Observation of trapped-electron-mode microturbulence in reversed field pinch plasmas
Author(s) -
J. Duff,
Zach Williams,
D. L. Brower,
B. E. Chapman,
W. X. Ding,
M. J. Pueschel,
J. S. Sarff,
P. W. Terry
Publication year - 2017
Publication title -
physics of plasmas
Language(s) - English
Resource type - Journals
SCImago Journal Rank - 0.75
H-Index - 160
eISSN - 1089-7674
pISSN - 1070-664X
DOI - 10.1063/1.5010198
Subject(s) - physics , reversed field pinch , microturbulence , plasma , electron , atomic physics , tokamak , tearing , magnetohydrodynamics , electron temperature , pinch , wavelength , instability , electron density , magnetic field , optics , mechanics , nuclear physics , quantum mechanics , thermodynamics
Density fluctuations in the large-density-gradient region of improved confinement Madison Symmetric Torus reversed field pinch (RFP) plasmas exhibit multiple features that are characteristic of the trapped-electron mode (TEM). Core transport in conventional RFP plasmas is governed by magnetic stochasticity stemming from multiple long-wavelength tearing modes.
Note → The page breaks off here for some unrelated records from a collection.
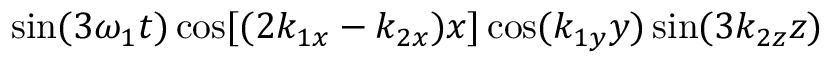
\sin ( 3 \omega _ { 1 } t ) \cos [ ( 2 k _ { 1 x } - k _ { 2 x } ) x ] \cos ( k _ { 1 y } y ) \sin ( 3 k _ { 2 z } z )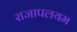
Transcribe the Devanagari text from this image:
राजापलयम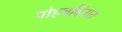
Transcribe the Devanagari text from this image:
पोहचवितात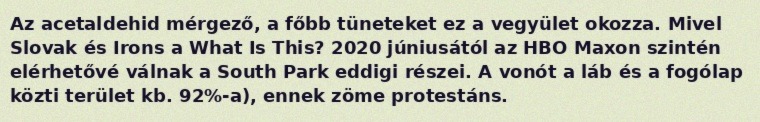
Az acetaldehid mérgező, a főbb tüneteket ez a vegyület okozza. Mivel Slovak és Irons a What Is This? 2020 júniusától az HBO Maxon szintén elérhetővé válnak a South Park eddigi részei. A vonót a láb és a fogólap közti terület kb. 92%-a), ennek zöme protestáns.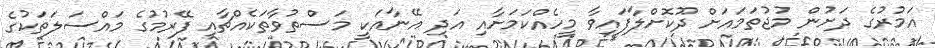
އަމުރުގެ ދަށުން މުޖުތަމައަށް ދޫކޮށްލާފައިވާ މީހެއްކަމަށާއި އަދި އޭނާއަކީ މަސްތުވާތަކެއްޗާއި ފޭރުމުގެ މައްސަލަތަކުގެ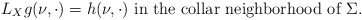
\begin{align*}L_X g (\nu, \cdot) = h(\nu, \cdot) \mbox{ in the collar neighborhood of } \Sigma. \end{align*}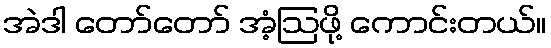
အဲဒါ တော်တော် အံ့ဩဖို့ ကောင်းတယ်။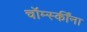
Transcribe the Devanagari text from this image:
चॉम्स्कींना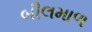
બીલમાળ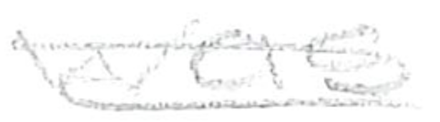
Text: was
Cross-out: mix
Writing tool: pencil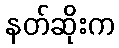
နတ်ဆိုးက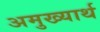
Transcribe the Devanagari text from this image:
अमुख्यार्थ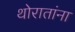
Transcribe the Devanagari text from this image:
थोरातांना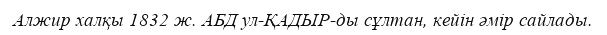
Алжир халқы 1832 ж. АБД ул-ҚАДЫР-ды сұлтан, кейін әмір сайлады.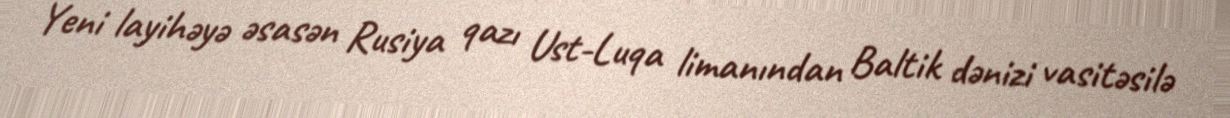
Yeni layihəyə əsasən Rusiya qazı Ust-Luqa limanından Baltik dənizi vasitəsilə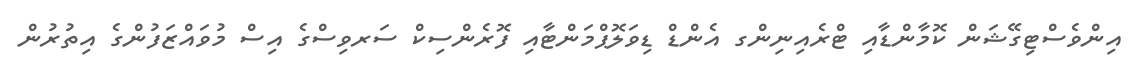
އިންވެސްޓިގޭޝަން ކޮމާންޑާއި ޓްރެއިނިންގ އެންޑް ޑިވަލޮޕްމަންޓާއި ފޮރެންސިކް ސަރވިސްގެ އިސް މުވައްޒަފުންގެ އިތުރުން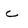
Character: c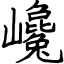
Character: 巉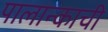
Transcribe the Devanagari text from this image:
पालान्काची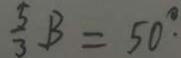
\frac { 5 } { 3 } B = 5 0 ^ { \circ } .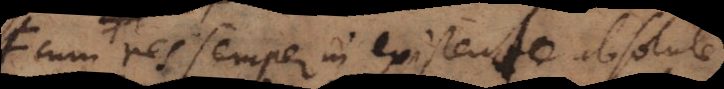
cum res semper in existendo absolute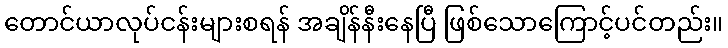
တောင်ယာလုပ်ငန်းများစရန် အချိန်နီးနေပြီ ဖြစ်သောကြောင့်ပင်တည်း။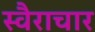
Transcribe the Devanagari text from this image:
स्वैराचार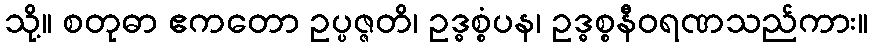
သို့။ စတုဓာ ဧကတော ဥပ္ပဇ္ဇတိ၊ ဥဒ္ဓစ္စံပန၊ ဥဒ္ဓစ္စနီဝရဏသည်ကား။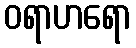
ဝရာဟရော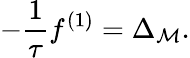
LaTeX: -\frac{1}{\tau}f^{(1)}=\Delta_{\mathcal{M}}.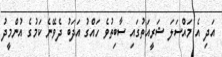
އަދި އެ މައްސަލަ ޝަރީއަތުގައި ސާބިތުވެ ހައްގު އަދަބު ދެވޭނެ ކަމުގެ އުންމީދު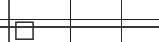
١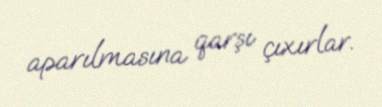
aparılmasına qarşı çıxırlar.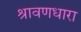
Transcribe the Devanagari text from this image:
श्रावणधारा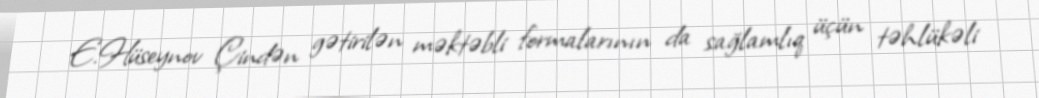
E.Hüseynov Çindən gətirilən məktəbli formalarının da sağlamlıq üçün təhlükəli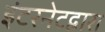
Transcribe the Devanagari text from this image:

Using inductive current profile control, these tearing modes are reduced, and global confinement is increased to that expected for comparable tokamak plasmas. Under these conditions, new short-wavelength fluctuations distinct from global tearing modes appear in the spectrum at a frequency of f ∼ 50 kHz, which have normalized perpendicular wavenumbers k⊥ρs≲0.2 and propagate in the electron diamagnetic drift direction. They exhibit a critical-gradient threshold, and the fluctuation amplitude increases with the local electron density gradient. These characteristics are consistent with predictions from gyrokinetic analysis using the Gene code, including ...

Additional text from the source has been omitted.